Performance Evaluation of Variational Quantum Eigensolver and Quantum Dynamics Algorithms on the Advection-Diffusion Equation
A. Barış Özgüler
TL;DR
The paper benchmarks near-term quantum PDE solvers by comparing a VQE-based linear-system approach against quantum dynamics methods (Trotterization, VarQTE, AVQDS) for a 1D advection-diffusion equation, using a noiseless statevector baseline to isolate algorithmic performance.
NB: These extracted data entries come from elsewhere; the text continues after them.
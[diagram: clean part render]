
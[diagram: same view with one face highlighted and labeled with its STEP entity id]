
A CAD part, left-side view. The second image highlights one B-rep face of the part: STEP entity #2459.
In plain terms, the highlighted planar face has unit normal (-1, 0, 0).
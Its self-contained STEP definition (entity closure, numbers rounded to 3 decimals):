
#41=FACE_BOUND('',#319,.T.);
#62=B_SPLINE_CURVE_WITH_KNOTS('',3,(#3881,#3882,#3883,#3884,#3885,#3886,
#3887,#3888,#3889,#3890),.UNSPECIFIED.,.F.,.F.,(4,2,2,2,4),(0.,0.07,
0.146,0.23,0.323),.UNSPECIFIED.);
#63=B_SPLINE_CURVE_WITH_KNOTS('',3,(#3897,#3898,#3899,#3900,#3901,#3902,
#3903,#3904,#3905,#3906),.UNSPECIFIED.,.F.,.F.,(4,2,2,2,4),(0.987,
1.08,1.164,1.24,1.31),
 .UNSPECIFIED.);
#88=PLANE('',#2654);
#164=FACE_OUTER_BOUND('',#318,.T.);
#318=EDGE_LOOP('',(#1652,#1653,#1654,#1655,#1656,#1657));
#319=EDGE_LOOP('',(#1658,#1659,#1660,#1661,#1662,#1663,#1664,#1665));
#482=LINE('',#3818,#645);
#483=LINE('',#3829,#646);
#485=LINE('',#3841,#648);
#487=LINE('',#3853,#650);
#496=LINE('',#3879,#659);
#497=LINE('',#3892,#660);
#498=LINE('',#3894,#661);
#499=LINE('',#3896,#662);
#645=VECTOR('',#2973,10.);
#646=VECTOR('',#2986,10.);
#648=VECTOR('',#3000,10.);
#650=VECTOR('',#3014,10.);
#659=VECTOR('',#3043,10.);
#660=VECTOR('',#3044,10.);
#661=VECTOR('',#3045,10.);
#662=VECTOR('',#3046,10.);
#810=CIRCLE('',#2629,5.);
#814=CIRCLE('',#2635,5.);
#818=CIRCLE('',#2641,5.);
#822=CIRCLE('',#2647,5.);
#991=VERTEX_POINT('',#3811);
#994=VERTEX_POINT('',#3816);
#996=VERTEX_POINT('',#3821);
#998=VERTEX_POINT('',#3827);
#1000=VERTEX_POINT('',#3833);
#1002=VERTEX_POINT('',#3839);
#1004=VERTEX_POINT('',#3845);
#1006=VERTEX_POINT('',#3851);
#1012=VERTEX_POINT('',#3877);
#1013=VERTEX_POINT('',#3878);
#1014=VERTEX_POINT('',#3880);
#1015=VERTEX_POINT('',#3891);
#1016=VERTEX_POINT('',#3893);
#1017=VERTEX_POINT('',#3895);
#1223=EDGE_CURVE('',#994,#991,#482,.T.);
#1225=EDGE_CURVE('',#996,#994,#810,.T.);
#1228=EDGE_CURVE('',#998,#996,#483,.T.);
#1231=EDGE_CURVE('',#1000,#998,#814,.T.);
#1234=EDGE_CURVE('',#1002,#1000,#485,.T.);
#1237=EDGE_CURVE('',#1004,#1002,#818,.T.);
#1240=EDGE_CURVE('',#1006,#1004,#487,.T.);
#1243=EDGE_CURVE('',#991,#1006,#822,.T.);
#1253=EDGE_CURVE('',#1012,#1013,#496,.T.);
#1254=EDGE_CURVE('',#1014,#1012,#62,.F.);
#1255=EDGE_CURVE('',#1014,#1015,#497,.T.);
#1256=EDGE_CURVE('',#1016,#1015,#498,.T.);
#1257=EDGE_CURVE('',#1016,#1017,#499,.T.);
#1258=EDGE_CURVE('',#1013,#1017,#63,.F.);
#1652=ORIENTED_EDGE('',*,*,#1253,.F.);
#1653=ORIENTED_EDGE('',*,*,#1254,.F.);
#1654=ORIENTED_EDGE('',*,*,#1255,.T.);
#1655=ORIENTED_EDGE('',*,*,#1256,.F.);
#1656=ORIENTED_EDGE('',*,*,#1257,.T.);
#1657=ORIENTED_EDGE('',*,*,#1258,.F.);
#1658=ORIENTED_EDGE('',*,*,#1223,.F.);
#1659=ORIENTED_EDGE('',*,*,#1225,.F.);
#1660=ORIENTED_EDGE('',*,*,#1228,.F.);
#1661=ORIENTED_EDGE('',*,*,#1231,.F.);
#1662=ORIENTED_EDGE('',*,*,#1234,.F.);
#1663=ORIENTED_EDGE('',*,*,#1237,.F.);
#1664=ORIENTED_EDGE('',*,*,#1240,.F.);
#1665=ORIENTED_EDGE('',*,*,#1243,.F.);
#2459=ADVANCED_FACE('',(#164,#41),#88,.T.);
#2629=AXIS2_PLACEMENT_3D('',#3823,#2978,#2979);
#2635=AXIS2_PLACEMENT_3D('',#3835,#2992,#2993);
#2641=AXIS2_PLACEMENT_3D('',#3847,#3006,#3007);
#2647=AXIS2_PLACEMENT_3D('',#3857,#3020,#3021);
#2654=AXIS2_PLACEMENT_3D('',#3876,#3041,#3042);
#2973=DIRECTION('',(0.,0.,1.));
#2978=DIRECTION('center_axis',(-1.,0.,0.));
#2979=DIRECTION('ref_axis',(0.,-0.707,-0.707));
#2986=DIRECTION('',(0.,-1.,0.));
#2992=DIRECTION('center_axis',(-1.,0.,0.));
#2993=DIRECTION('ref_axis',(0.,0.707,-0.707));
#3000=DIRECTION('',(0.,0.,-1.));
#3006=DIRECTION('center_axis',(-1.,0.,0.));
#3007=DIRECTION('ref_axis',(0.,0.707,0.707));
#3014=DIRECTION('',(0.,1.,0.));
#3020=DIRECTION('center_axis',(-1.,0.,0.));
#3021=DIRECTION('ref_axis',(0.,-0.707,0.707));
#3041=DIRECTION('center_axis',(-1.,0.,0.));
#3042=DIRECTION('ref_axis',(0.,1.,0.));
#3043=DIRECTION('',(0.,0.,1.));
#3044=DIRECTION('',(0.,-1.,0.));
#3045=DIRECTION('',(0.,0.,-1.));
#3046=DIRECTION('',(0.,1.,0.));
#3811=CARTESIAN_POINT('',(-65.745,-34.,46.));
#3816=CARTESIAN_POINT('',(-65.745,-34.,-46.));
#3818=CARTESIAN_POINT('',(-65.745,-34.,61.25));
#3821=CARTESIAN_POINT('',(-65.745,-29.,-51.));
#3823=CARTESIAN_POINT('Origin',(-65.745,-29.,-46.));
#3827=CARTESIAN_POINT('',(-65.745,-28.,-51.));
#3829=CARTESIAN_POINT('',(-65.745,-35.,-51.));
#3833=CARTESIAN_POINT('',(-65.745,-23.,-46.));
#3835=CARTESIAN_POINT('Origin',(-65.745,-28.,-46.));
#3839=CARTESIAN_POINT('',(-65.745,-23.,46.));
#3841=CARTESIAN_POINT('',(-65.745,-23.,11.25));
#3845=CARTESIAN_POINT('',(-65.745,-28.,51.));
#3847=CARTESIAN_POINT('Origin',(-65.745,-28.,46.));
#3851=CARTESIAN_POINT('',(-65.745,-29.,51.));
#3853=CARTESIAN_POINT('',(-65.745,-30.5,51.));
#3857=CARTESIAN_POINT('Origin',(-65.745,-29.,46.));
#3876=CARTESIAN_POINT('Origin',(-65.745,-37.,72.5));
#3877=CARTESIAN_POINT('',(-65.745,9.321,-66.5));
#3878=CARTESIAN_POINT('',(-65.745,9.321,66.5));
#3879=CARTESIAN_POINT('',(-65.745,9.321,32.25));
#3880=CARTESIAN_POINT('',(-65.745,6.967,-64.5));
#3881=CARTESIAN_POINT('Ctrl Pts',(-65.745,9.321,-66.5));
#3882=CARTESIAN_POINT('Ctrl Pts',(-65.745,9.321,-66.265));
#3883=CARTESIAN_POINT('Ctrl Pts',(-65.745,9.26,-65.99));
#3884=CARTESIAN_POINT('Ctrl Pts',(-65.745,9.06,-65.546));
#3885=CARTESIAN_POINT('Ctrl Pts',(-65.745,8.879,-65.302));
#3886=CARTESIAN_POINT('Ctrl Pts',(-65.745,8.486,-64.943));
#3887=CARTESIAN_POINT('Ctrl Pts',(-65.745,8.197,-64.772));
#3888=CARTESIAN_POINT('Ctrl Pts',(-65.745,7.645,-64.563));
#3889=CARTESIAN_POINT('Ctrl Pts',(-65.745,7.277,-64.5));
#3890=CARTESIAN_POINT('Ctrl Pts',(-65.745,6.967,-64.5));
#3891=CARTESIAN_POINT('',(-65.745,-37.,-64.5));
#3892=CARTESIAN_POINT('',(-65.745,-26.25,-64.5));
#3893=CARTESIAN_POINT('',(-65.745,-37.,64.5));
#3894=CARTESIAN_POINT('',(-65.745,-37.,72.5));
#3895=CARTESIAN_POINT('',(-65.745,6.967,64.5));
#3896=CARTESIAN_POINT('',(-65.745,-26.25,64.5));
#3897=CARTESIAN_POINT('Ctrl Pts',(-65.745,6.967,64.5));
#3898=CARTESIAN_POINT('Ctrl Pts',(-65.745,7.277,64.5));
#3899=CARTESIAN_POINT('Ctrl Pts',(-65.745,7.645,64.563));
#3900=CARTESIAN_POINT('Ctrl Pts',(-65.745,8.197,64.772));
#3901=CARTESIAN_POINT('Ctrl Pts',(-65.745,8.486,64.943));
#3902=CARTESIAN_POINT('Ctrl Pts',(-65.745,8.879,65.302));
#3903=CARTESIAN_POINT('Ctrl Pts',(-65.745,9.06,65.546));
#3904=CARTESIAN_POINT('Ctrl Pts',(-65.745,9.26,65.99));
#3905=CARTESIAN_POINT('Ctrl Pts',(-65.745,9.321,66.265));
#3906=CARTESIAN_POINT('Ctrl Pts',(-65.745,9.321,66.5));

It demonstrates that, for $N=4$ qubits, the VQE solver can reach final-time fidelities as good as $\mathcal{O}(10^{-9})$ with moderate circuit depth, outperforming hardware runs that exhibit fidelities around $\mathcal{O}(10^{-1})$. The work provides a rigorous comparison of resource demands, showing VQE requires far fewer entangling gates than Trotter-based methods and offers a clean algorithmic baseline for PDE solvers on NISQ hardware. It also outlines clear paths to bridge toward real hardware performance, including noise modeling, error mitigation, and extension to higher dimensions and nonlinear PDEs relevant to engineering and finance.
Abstract
We investigate the potential of near-term quantum algorithms for solving partial differential equations (PDEs), focusing on a linear one-dimensional advection-diffusion equation as a test case. This study benchmarks a ground-state algorithm, Variational Quantum Eigensolver (VQE), against three leading quantum dynamics algorithms, Trotterization, Variational Quantum Imaginary Time Evolution (VarQTE), and Adaptive Variational Quantum Dynamics Simulation (AVQDS), applied to the same PDE on small quantum hardware. While Trotterization is fully quantum, VarQTE and AVQDS are variational algorithms that reduce circuit depth for noisy intermediate-scale quantum (NISQ) devices. However, hardware results from these dynamics methods show sizable errors due to noise and limited shot statistics. To establish a noise-free performance baseline, we implement the VQE-based solver on a noiseless statevector simulator. Our results show VQE can reach final-time infidelities as low as ${O}(10^{-9})$ with $N=4$ qubits and moderate circuit depths, outperforming hardware-deployed dynamics methods that show infidelities $\gtrsim 10^{-1}$. By comparing noiseless VQE to shot-based and hardware-run algorithms, we assess their accuracy and resource demands, providing a baseline for future quantum PDE solvers. We conclude with a discussion of limitations and potential extensions to higher-dimensional, nonlinear PDEs relevant to engineering and finance.